─── EXERCISE DATA ───
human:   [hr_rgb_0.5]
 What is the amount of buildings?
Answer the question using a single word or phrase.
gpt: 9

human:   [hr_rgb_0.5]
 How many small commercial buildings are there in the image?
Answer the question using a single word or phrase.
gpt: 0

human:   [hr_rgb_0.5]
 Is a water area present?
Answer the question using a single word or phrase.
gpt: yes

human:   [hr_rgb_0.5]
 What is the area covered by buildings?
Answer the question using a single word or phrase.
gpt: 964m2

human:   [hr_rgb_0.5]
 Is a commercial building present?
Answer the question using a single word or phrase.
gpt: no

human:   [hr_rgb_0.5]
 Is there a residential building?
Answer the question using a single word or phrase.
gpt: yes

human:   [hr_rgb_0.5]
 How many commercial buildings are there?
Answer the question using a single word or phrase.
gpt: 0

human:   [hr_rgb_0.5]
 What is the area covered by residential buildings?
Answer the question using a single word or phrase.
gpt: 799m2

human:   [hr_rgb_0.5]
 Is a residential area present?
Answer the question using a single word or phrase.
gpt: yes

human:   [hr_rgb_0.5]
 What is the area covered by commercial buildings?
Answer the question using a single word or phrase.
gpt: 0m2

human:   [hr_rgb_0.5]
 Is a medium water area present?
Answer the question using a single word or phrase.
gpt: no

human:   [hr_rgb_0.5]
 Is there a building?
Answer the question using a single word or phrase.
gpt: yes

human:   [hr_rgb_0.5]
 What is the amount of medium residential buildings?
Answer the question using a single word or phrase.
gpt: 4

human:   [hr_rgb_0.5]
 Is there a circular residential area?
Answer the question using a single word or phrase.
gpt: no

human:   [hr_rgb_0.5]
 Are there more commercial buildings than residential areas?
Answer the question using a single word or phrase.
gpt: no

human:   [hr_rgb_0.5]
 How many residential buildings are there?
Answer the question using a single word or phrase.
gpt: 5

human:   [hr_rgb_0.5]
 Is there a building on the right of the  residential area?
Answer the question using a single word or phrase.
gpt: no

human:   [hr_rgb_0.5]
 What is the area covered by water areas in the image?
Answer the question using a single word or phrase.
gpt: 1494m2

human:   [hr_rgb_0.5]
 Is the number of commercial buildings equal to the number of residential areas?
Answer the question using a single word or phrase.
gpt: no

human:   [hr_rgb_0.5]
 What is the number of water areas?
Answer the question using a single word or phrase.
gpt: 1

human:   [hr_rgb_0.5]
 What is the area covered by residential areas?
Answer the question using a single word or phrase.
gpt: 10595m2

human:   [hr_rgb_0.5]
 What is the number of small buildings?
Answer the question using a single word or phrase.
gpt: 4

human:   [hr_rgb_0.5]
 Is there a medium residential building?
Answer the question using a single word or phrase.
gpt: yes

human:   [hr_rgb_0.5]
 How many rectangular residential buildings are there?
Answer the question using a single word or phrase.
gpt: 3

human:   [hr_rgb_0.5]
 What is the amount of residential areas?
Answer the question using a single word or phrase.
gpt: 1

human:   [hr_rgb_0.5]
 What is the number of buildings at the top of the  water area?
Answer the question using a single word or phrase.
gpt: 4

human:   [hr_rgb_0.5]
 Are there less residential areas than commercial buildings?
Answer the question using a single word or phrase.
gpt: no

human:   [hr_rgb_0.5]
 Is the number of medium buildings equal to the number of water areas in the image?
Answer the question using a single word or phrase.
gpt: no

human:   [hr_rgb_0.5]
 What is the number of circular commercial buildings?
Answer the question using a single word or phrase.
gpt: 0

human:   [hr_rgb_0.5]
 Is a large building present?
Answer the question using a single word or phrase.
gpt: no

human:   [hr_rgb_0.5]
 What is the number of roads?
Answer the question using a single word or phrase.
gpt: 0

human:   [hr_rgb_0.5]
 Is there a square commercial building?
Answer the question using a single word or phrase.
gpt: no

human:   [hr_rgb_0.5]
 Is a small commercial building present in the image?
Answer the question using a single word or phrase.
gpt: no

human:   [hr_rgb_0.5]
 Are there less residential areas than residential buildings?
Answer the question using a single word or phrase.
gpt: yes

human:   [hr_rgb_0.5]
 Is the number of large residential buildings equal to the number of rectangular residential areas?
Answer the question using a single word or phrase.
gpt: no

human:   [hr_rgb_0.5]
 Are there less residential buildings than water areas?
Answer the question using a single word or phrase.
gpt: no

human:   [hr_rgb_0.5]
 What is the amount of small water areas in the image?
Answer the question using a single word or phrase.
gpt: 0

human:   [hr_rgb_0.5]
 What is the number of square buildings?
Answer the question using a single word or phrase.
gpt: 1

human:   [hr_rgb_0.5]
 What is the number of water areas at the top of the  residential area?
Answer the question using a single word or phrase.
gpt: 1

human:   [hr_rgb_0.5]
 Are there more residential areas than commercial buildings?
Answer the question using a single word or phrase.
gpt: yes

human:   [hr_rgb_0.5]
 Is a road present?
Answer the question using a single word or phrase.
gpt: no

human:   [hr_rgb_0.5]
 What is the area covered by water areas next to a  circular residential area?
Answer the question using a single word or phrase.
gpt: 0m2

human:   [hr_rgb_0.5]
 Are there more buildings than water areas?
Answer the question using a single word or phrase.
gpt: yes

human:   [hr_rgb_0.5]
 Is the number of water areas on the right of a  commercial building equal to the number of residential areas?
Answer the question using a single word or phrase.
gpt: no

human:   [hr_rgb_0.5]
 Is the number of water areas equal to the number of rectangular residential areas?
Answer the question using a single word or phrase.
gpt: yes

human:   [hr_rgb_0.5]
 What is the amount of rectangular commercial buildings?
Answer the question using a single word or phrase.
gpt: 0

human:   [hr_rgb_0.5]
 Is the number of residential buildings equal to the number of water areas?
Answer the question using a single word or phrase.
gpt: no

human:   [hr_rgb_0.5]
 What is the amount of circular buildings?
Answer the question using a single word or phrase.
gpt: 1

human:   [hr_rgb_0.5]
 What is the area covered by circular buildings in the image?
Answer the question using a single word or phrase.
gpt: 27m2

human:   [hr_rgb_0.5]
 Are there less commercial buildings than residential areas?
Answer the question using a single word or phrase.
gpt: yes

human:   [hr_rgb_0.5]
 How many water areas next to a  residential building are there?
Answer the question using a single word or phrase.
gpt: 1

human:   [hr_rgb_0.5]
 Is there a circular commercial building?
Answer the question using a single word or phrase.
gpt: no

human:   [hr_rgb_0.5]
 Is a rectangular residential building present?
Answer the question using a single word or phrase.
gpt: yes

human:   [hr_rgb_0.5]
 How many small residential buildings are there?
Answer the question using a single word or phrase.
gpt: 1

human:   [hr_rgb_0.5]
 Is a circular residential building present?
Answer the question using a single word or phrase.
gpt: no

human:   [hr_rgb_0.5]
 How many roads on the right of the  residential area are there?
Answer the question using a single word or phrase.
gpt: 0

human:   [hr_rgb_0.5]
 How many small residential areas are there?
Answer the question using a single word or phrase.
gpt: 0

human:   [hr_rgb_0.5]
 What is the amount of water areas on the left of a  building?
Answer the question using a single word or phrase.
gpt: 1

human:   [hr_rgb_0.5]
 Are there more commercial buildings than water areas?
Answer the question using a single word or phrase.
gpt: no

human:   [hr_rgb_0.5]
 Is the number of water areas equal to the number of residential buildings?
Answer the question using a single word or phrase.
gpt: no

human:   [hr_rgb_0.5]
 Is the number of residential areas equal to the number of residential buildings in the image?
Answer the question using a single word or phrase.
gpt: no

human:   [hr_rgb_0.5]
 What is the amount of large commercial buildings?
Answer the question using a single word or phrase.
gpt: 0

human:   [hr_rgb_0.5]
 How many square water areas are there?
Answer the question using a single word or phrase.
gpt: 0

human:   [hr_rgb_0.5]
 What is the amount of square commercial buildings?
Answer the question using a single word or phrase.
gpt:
───
The answer is a single number: how many lines in the data above hold the string "image".

7